# Time Windows

![10.%20time%20window%20for%20ML.JPG](attachment:10.%20time%20window%20for%20ML.JPG)

In [1]:
import tensorflow as tf

In [3]:
dataset = tf.data.Dataset.range(10)
dataset = dataset.window(5, shift =1) #gets all possible windows of 5 steps
# this functions returns a new dataset containing windows. 
# each window is a dataset

for window_dataset in dataset:
    for val in window_dataset:
        print(val.numpy(), end = " ")
    print()

0 1 2 3 4 
1 2 3 4 5 
2 3 4 5 6 
3 4 5 6 7 
4 5 6 7 8 
5 6 7 8 9 
6 7 8 9 
7 8 9 
8 9 
9 


In [7]:
dataset = tf.data.Dataset.range(10)
dataset = dataset.window(5, shift =1, drop_remainder = True)
#drop_remainder: removes all the incomplete windows

for window_dataset in dataset:
    for val in window_dataset:
        print(val.numpy(), end = " ")
    print()

0 1 2 3 4 
1 2 3 4 5 
2 3 4 5 6 
3 4 5 6 7 
4 5 6 7 8 
5 6 7 8 9 


In [6]:
# our ML models will still need datasets as tensors not as windows 
# So, let's convert these windows datasets to tensors 

dataset = tf.data.Dataset.range(10)
dataset = dataset.window(5, shift =1, drop_remainder = True)
dataset = dataset.flat_map(lambda window: window.batch(5))
# flat_map method goes through all the elements of the nested datasets (returned by the window method)
# and returns the values of these elements one by one so you end up with a flat dataset
# the flatm_map method takes a function as a input - you can use this method to apply any transformation you want 
# In our case we want to group the elements of each window in order to get a single tensor 5 for each element

for window in dataset:
    print(window.numpy())
# Note: we do not need nested for loop now coz of grouping done in the flat_map method
# also each element is a tensor of size 5

[0 1 2 3 4] 
[1 2 3 4 5] 
[2 3 4 5 6] 
[3 4 5 6 7] 
[4 5 6 7 8] 
[5 6 7 8 9] 


In [11]:
# Our ML model will need input as well as labels - Lets do that here

dataset = tf.data.Dataset.range(10)
dataset = dataset.window(5, shift =1, drop_remainder = True)
dataset = dataset.flat_map(lambda window: window.batch(5))
dataset = dataset.map(lambda window: (window[:-1], window[-1:]))
# Creates a touple of x past values and y as a label

for x, y in dataset:
    print(x.numpy(), y.numpy())

[0 1 2 3] [4]
[1 2 3 4] [5]
[2 3 4 5] [6]
[3 4 5 6] [7]
[4 5 6 7] [8]
[5 6 7 8] [9]


In [13]:
# Gradient Descent works best when the instances in our dataset is IID - Independent and Identically Distributed
# So, let's shuffle all these windows so that each training batch contains fairly independent windows. - USE shuffle()
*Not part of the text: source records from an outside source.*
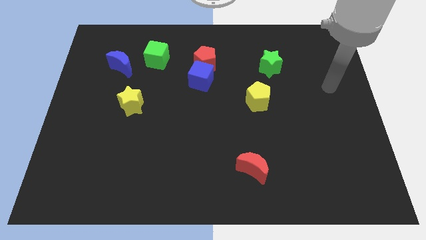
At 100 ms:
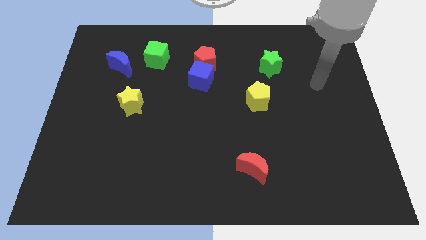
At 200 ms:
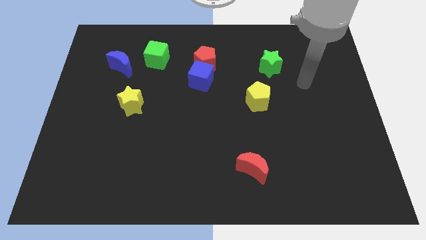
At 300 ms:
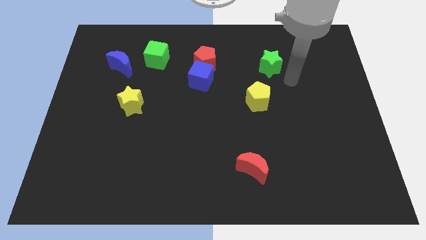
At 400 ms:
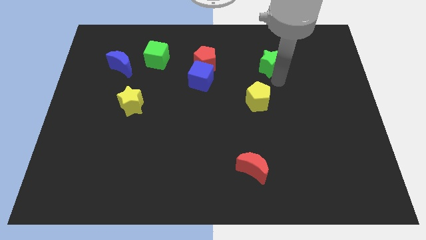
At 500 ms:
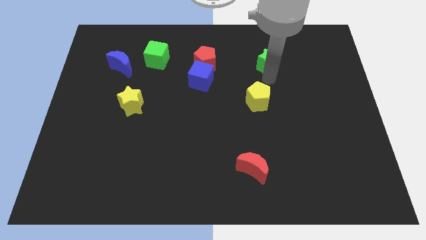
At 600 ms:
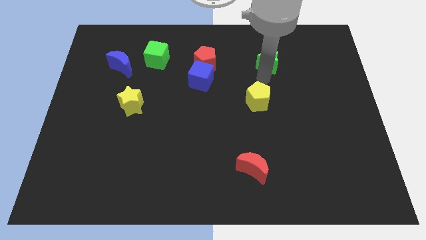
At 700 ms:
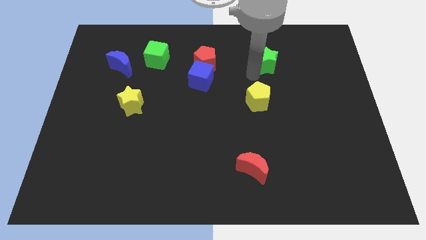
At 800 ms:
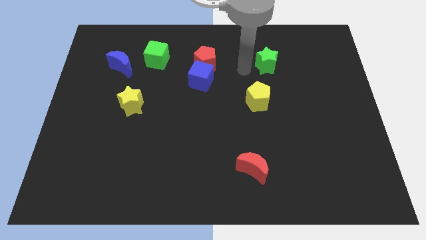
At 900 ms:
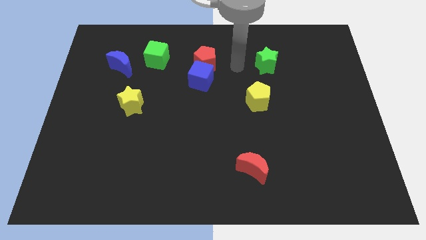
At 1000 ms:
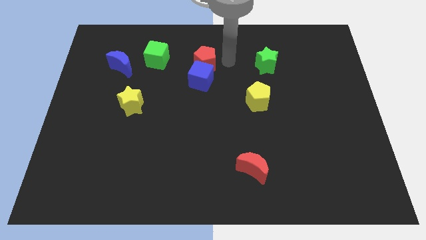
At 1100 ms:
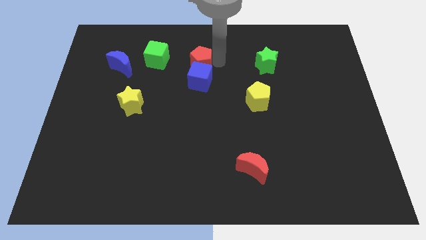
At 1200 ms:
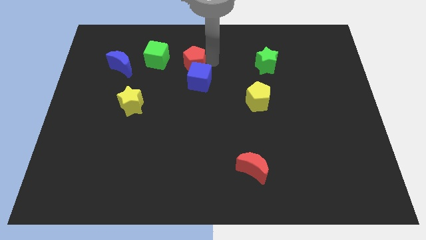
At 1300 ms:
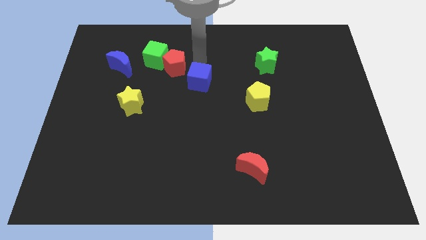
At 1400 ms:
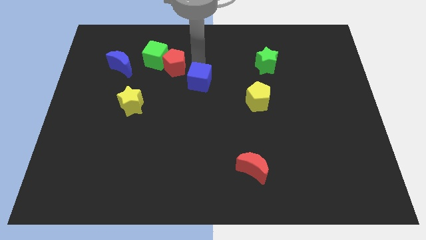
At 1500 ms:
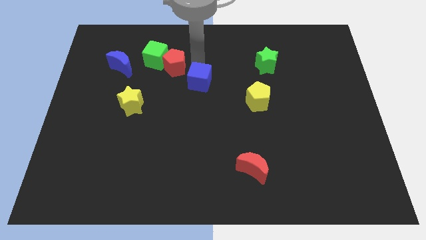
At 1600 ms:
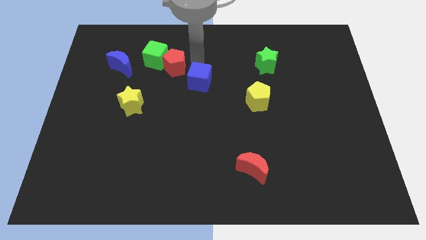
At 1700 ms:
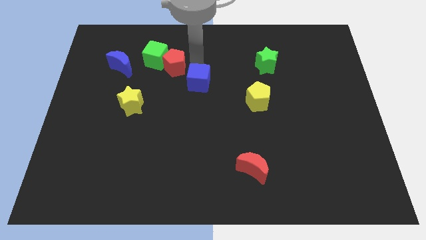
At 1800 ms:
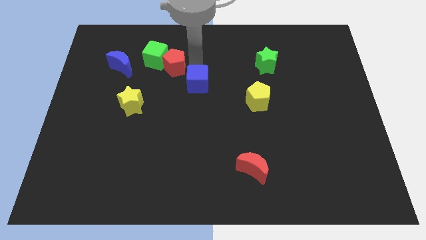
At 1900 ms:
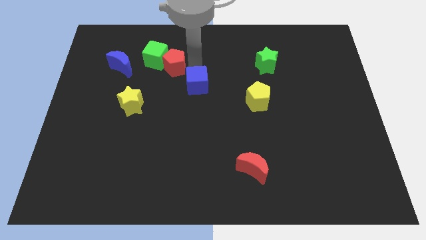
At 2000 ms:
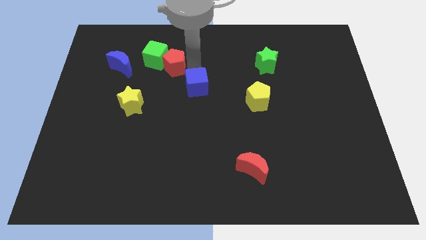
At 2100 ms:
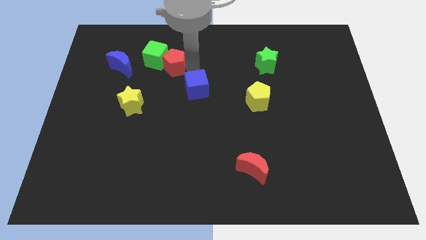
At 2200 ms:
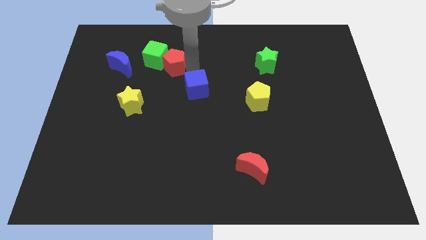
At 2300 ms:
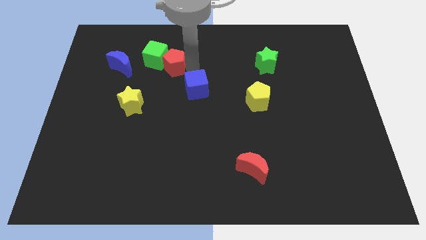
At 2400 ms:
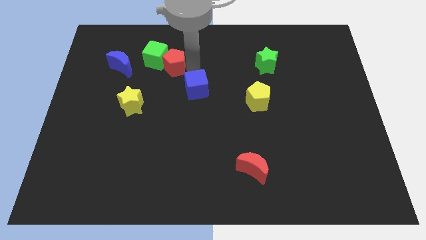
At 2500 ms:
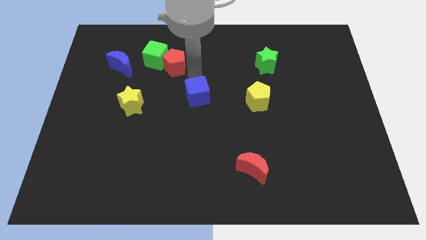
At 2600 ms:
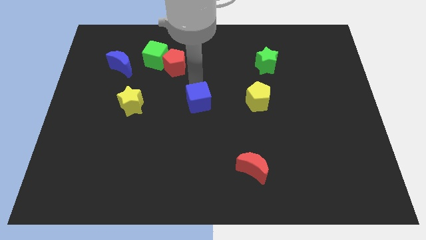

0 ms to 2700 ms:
slide the blue cube down a little

dataset = tf.data.Dataset.range(10)
dataset = dataset.window(5, shift =1, drop_remainder = True)
dataset = dataset.flat_map(lambda window: window.batch(5))
dataset = dataset.map(lambda window: (window[:-1], window[-1:]))
dataset = dataset.shuffle(buffer_size= 10)
# Shuffling -  so that each bloack contains the same variable of the data
# tiny shuffle buffer since our dataset is too small

for x, y in dataset:
    print(x.numpy(), y.numpy())

[4 5 6 7] [8]
[3 4 5 6] [7]
[0 1 2 3] [4]
[1 2 3 4] [5]
[2 3 4 5] [6]
[5 6 7 8] [9]


In [17]:
dataset = tf.data.Dataset.range(10)
dataset = dataset.window(5, shift =1, drop_remainder = True)
dataset = dataset.flat_map(lambda window: window.batch(5))
dataset = dataset.map(lambda window: (window[:-1], window[-1:]))
dataset = dataset.shuffle(buffer_size= 10)
dataset = dataset.batch(2).prefetch(1)
# Since neural networks takes input in batches. We need to prepare batches of instance.
# prefetch - while the model is still woking on one batch of data the first, the dataset 
# will already be preparing the next batch of the data in parallel

for x, y in dataset:
    print(x.numpy(), y.numpy())
    print("_______________________")

[[1 2 3 4]
 [3 4 5 6]] [[5]
 [7]]
_______________________
[[5 6 7 8]
 [2 3 4 5]] [[9]
 [6]]
_______________________
[[4 5 6 7]
 [0 1 2 3]] [[8]
 [4]]
_______________________


In [16]:
### Now, let's wrap the code into a function 
def window_dataset(series, window_size, batch_size =32):
    ds = tf.data.Dataset.from_tensor_slices(series)
    # Creates a dataframe where each item corresponds to 1 time step from the given time series
    
    ds= ds.window(window_size +1,
                  shift = 1, 
                  drop_remainder = True)
    
    ds = ds.flat_map(lambda w: w.batch(window_size +1))
    ds = ds.map(lambda w: (w.batch(window_size +1)))
    ds = ds.map(lambda w: (w[:-1], w[-1]))
    ds = ds.shuffle(len(series))
    
    return ds.batch(batch_size).prefetch(1)